Esas relaciones cortas pero intensas que tuvo Víctor provocan desde ternura hasta odio en las mujeres de su vida reunidas a recordar. Una de las que peor humor les causa es la de una chica de otro barrio con la que estuvo a punto de irse a vivir cuando ella había quedado embarazada. Después de aquel fracaso Laura, María, la Negra y hasta Sabina la recuerdan con un dejo de desprecio. “Estaba muy contento, decía que quería rescatarse, se había puesto las pilas, había pintado todos los muebles, había puesto todo para tener el bebé. Me decía: ‘¿Vos querés ser la madrina? Porque yo me voy a poner las pilas para mi hijo’... Después estábamos re calientes cuando nos enteramos todo lo que hicieron. Por ahí, si hubiese... está bien, uno no tiene que echarle la culpa al pasado, ni ponerse a pensar si hubiese pasado esto, no hubiese pasado lo que pasó... pero por ahí, si no se hubiese sacado el bebé, o él hubiese sido papá, no le hubiese pasado lo que le pasó. Pero bueno, es el destino. Cuando te llega, te llega, pienso yo.”

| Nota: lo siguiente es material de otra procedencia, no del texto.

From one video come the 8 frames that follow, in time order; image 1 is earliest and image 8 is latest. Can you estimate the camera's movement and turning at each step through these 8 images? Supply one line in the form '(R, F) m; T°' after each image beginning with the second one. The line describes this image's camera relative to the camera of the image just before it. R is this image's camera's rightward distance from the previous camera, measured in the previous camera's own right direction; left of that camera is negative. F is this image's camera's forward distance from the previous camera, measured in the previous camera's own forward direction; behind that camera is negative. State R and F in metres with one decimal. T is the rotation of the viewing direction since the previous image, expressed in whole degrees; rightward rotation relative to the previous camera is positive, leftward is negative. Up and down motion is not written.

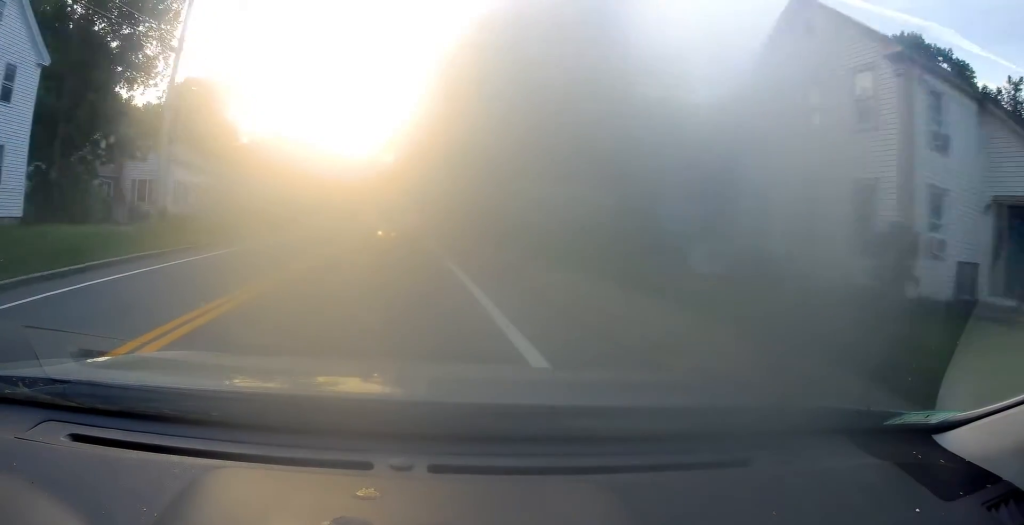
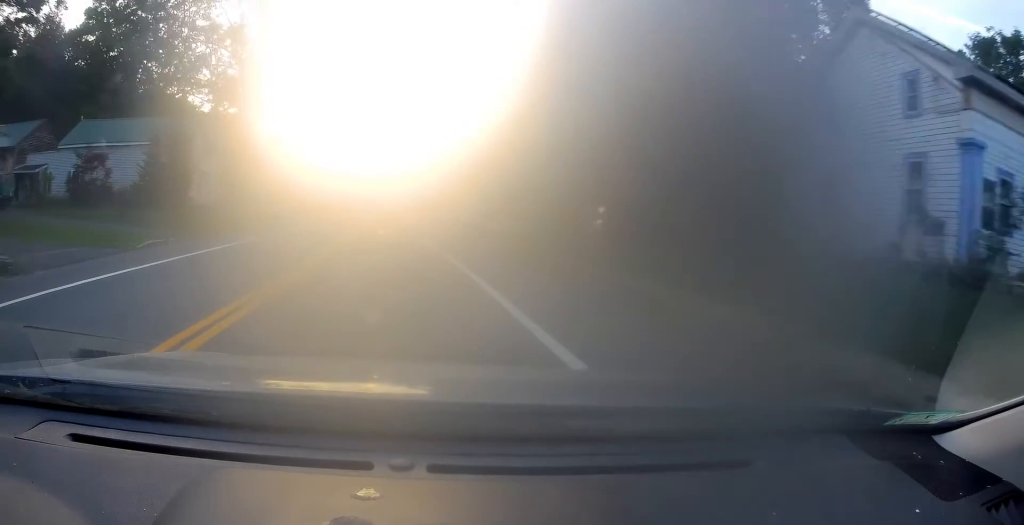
(-1.6, +40.8) m; -4°
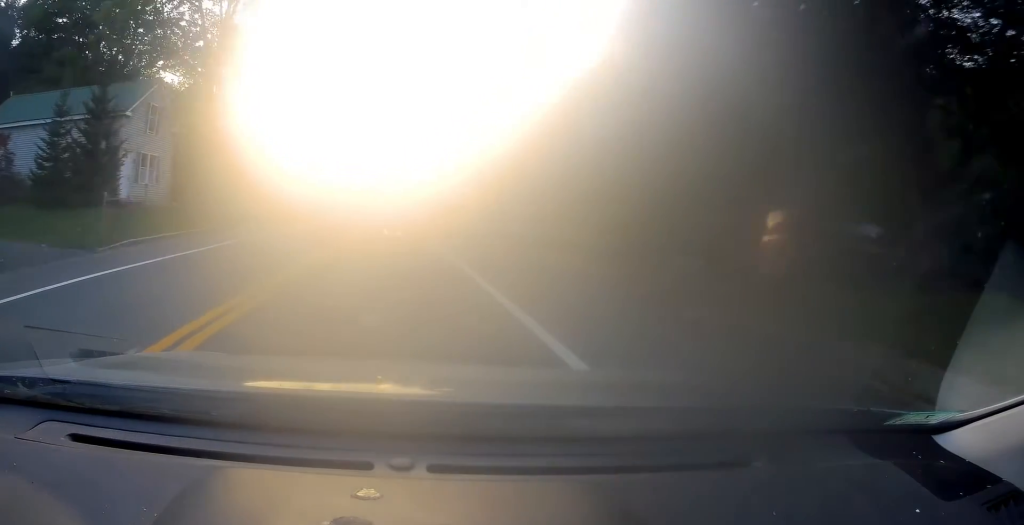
(-0.4, +10.8) m; 0°
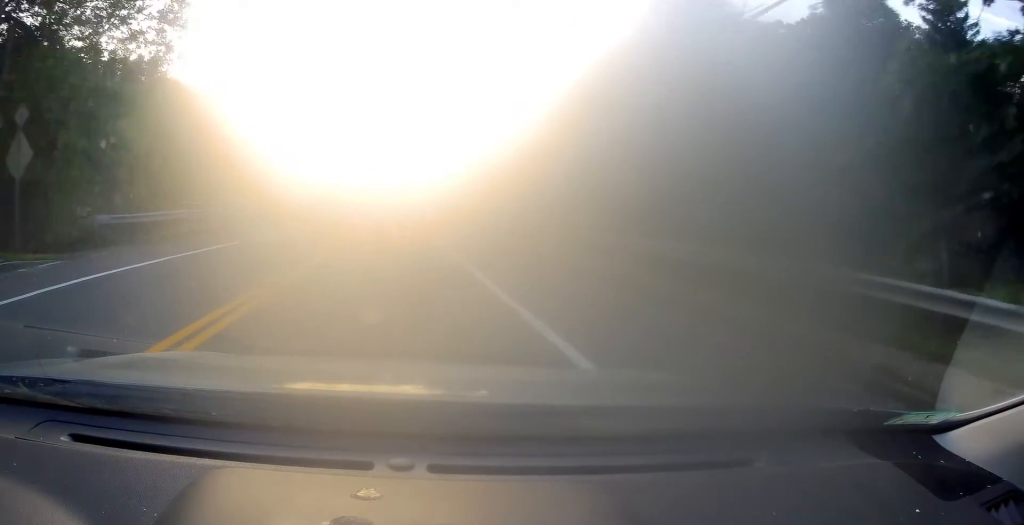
(+0.3, +19.4) m; 0°
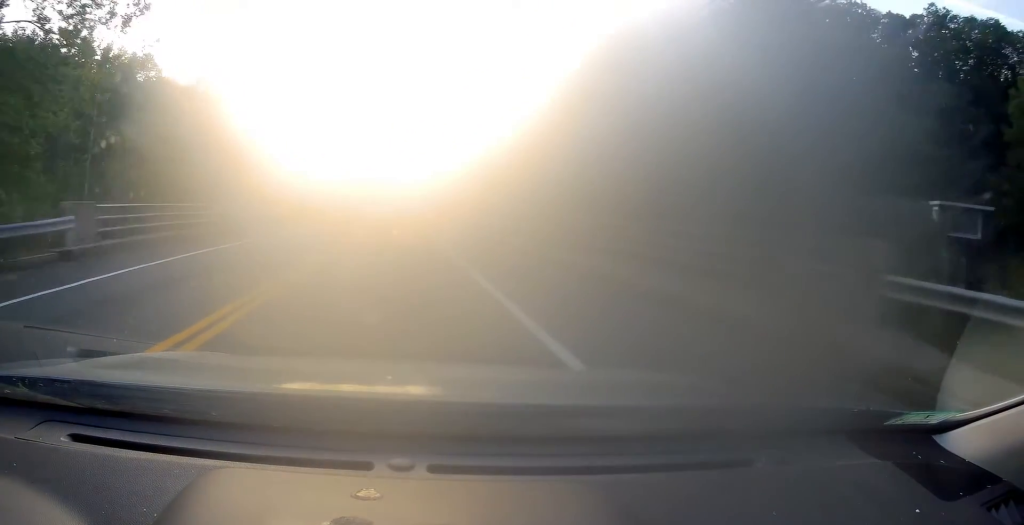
(-0.1, +8.5) m; -1°
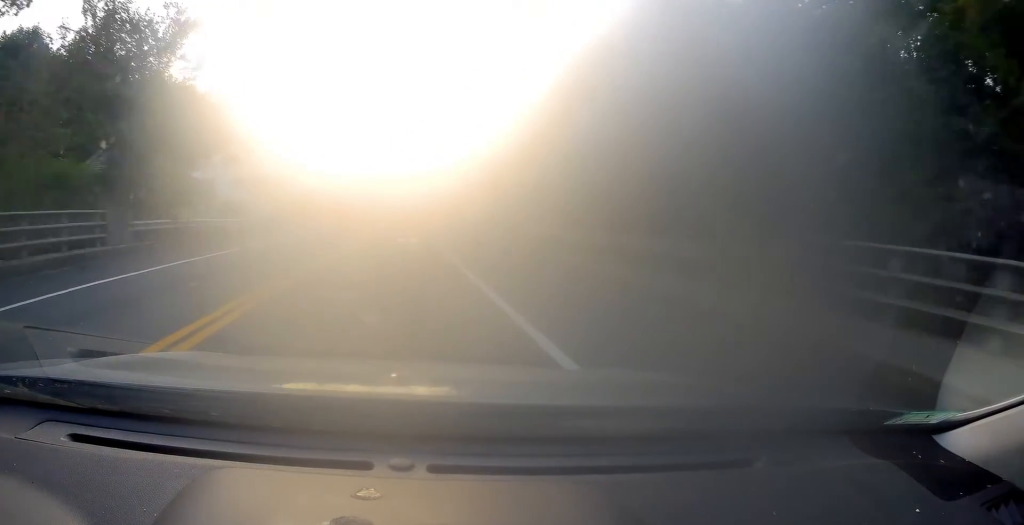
(-0.2, +11.6) m; -2°
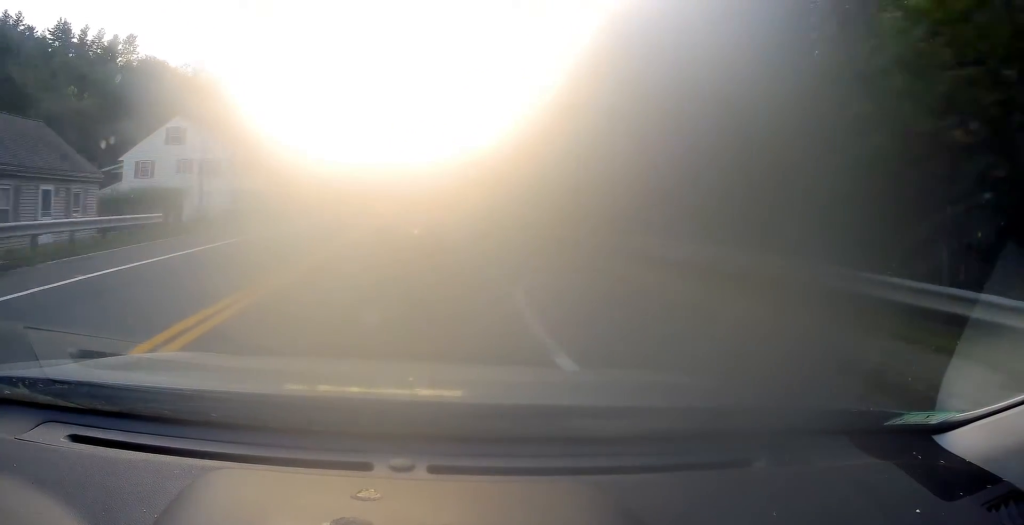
(-0.4, +15.3) m; -3°
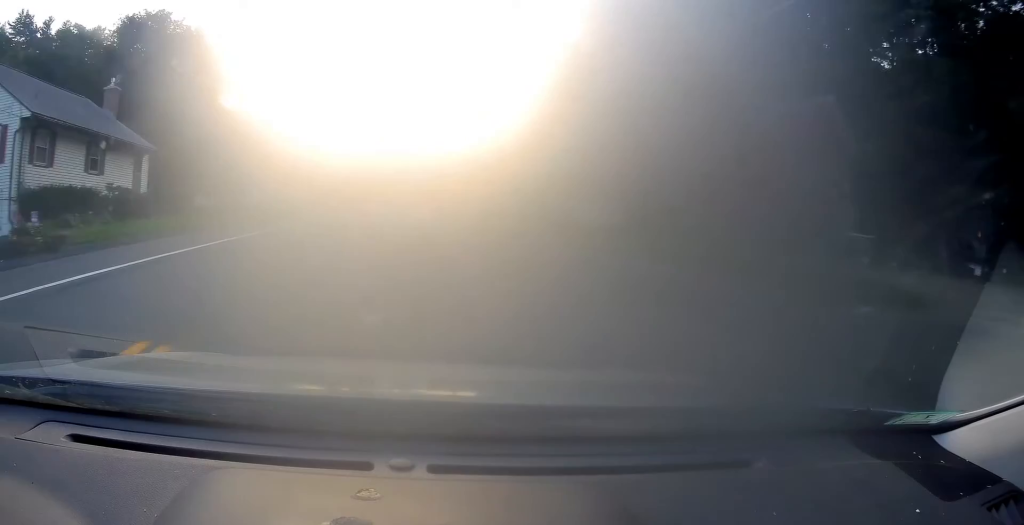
(-0.6, +25.3) m; 0°

María, es la que más enamorada, a pesar del paso del tiempo, parece aún del ídolo muerto. En ella, con su cuerpo moreno y largo, la cara angulosa, el flequillo Stone, el silencio sobre una mirada tajante, se dio la dialéctica de ser un día la novia, y al poco tiempo la novia del amigo, en este caso Chafas. Casi todas las mujeres de la villa reconocen que maliciosamente hicieron cuentas con los dedos de las manos para descartar la posibilidad de que los mellizos de María, Víctor Manuel —como el Frente— y Joel, sean en realidad hijos del ladrón santificado, y no de Chaías. Pero las cuentas no dan. María quedó embarazada un mes después del asesinato del Frente. Yo la conocí en la casa de Sabina una de las primeras noches que cenamos en esa cocina donde la televisión siempre está encendida. Ella entró con los bebés, la había llamado especialmente Chaías porque quería que conociéramos a sus hijos.

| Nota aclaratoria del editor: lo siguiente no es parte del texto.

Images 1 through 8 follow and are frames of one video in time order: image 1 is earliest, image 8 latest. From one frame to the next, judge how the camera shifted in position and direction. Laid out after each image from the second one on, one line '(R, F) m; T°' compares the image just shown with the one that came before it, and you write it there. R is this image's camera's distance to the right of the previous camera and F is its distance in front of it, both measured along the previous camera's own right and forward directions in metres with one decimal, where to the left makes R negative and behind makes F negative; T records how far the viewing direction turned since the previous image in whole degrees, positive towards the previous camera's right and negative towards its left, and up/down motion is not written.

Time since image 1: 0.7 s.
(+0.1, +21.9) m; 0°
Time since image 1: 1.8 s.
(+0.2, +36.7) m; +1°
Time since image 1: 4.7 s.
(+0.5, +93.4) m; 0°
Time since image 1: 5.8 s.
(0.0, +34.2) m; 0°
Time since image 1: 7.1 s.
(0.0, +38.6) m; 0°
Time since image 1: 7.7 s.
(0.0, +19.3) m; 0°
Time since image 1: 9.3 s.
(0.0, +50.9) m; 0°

María es una mujer de genio corto, de manos fáciles. Del rancho en el que vivía con Chafas y su familia María se volvió al de su madre y su padrastro, Chano, el dealer que siempre detestó que se juntara con el Frente. El verdadero padre de María sí lo estimaba y con él solían pasar largas tardes de charla. El padre biológico de María es, en realidad, el hermano de su padrastro. Su madre pasó a casarse con el hermano del que era su marido durante una larga estadía en la cárcel. Silenciosamente, María no parece hacer más que reiterar esa vieja traición.

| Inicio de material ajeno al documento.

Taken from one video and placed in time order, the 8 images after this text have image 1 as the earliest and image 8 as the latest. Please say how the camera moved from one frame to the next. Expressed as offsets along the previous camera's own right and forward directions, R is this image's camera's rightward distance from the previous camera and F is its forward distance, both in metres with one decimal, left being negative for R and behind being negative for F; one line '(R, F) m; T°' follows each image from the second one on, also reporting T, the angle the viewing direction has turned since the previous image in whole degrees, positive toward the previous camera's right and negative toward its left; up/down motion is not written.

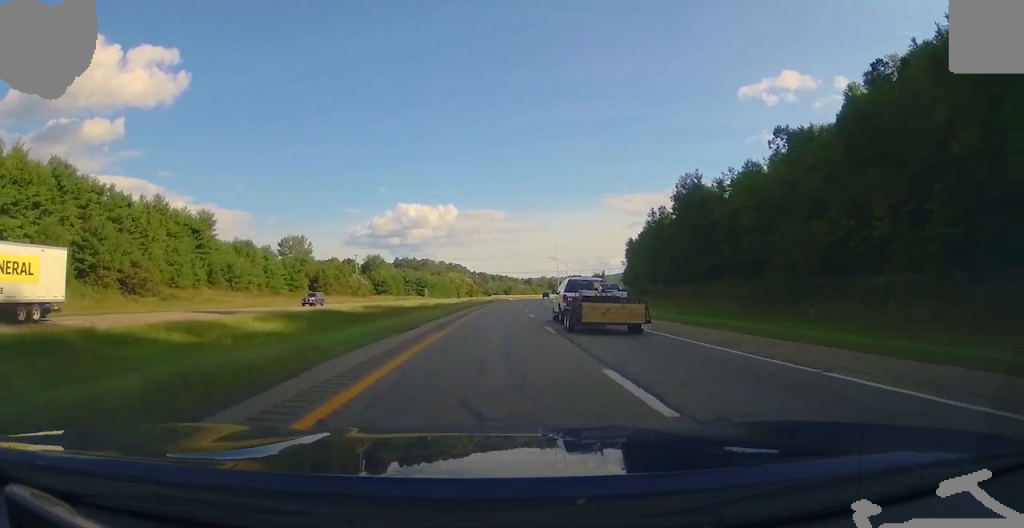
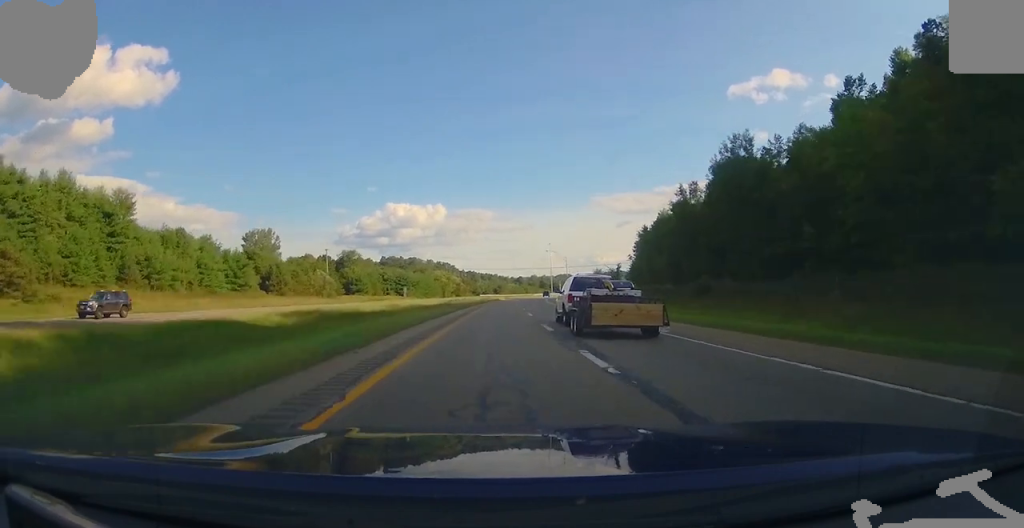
(-0.4, +22.8) m; +2°
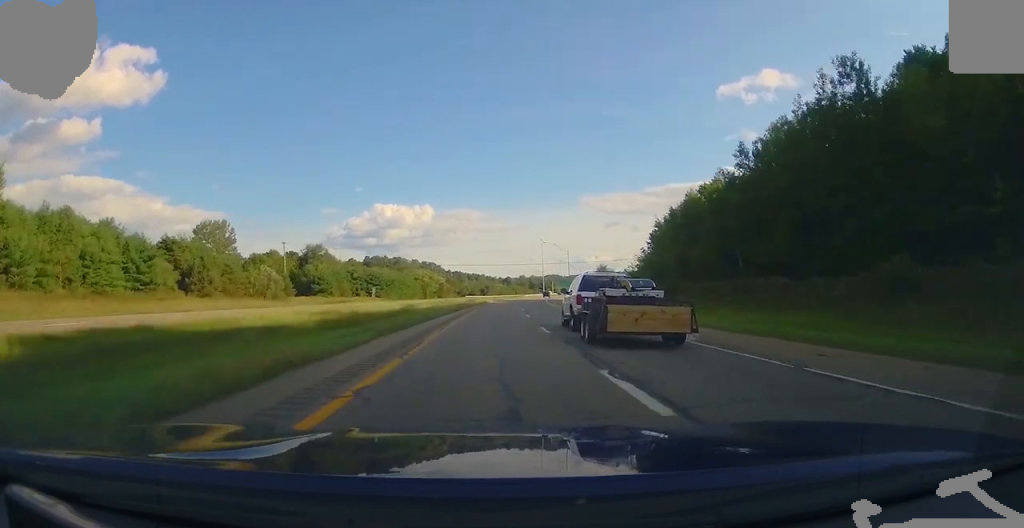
(+1.3, +26.3) m; +2°
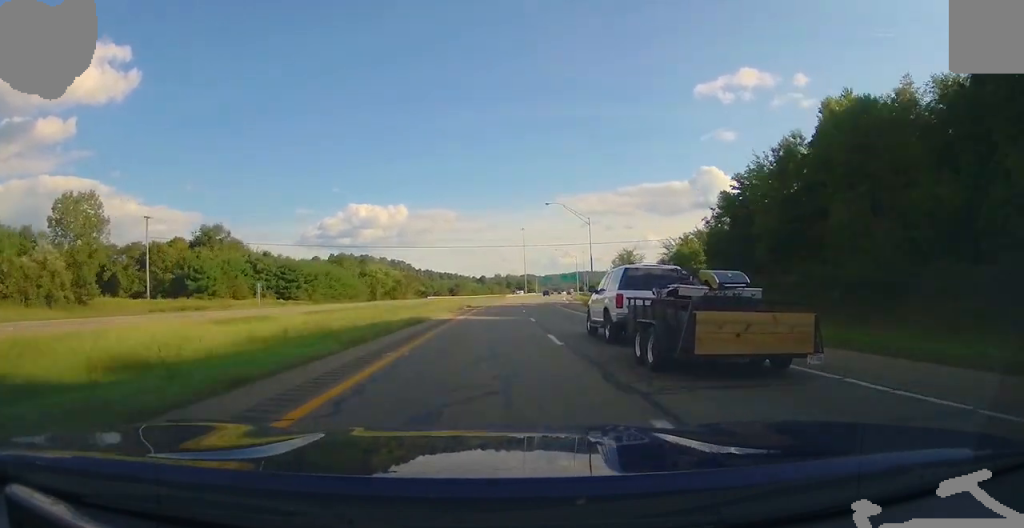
(+1.3, +53.6) m; +3°
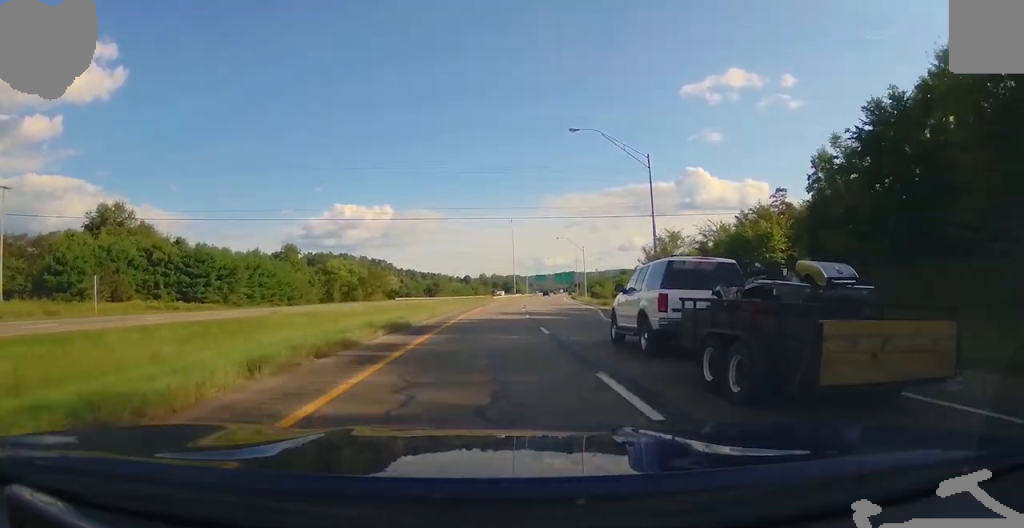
(+0.6, +32.9) m; +2°
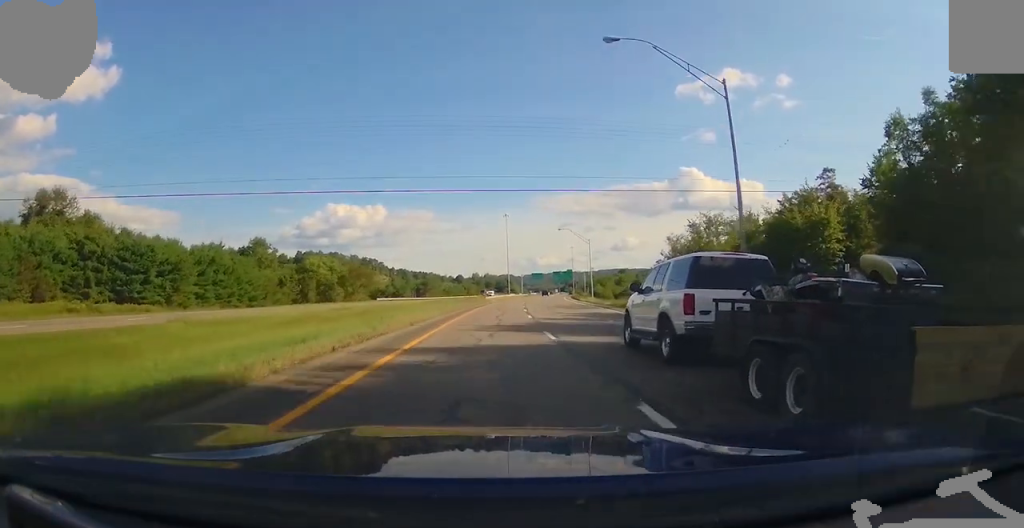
(-0.1, +14.7) m; +1°
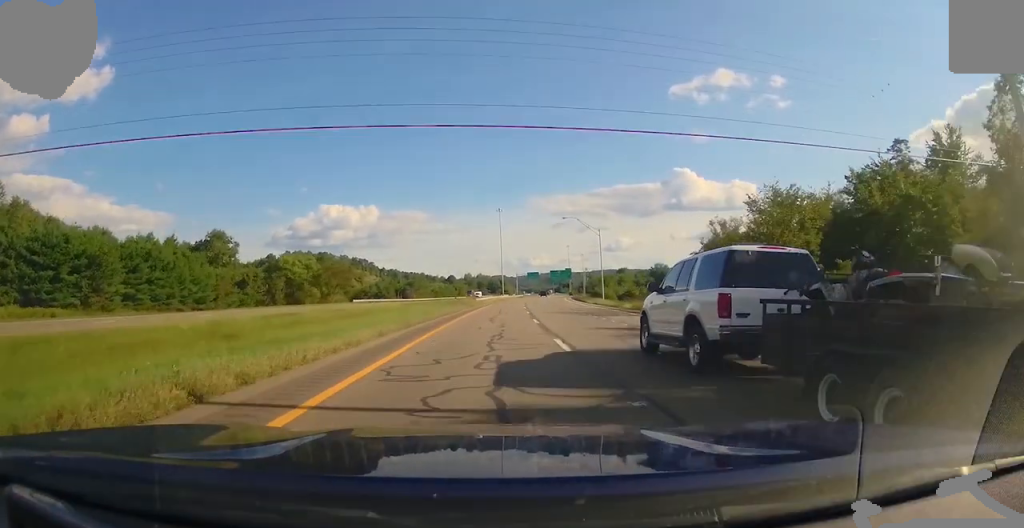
(+0.1, +15.8) m; +1°
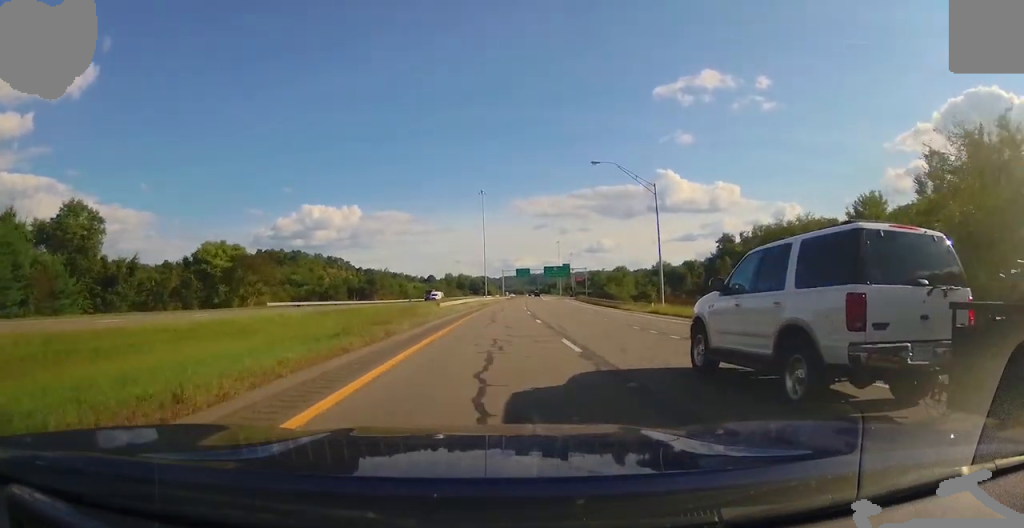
(+0.8, +36.1) m; +2°

María es una chica dulce cuando habla pero en ese tono casi lúdico que asume resuena cada tanto una anécdota en la que la violencia llega como un ramalazo irrefrenable. Hace algunos meses Chaías tuvo que quedarse varios días en su casa, con algunas huellas moradas de lo que fue la última gran pelea con María. El le mintió, le dijo que no saldría. No faltó quien le contara que lo habían visto con otra. Los encontró en la cama que habían compartido. Y se ensañó con los dos. “Ya nos separamos otra vez. Somos así, que nos peleamos, nos arreglamos. Anoche me fui al baile y él no estaba, pero me da igual a mí si está todo bien o todo mal. Aparte él está en el baile y yo hago de cuenta que no está, porque yo ni hola le digo cuando paso por al lado. Como que ni lo conozco. Anoche no fue y ahora no va a ir por un par de meses... porque el otro día le pegué. Lo que pasa es que yo soy buena, todo lo que quieras, pero donde me buscaste... aguantátela. Me traicionó y lo cagué a palos. Por atrevido.”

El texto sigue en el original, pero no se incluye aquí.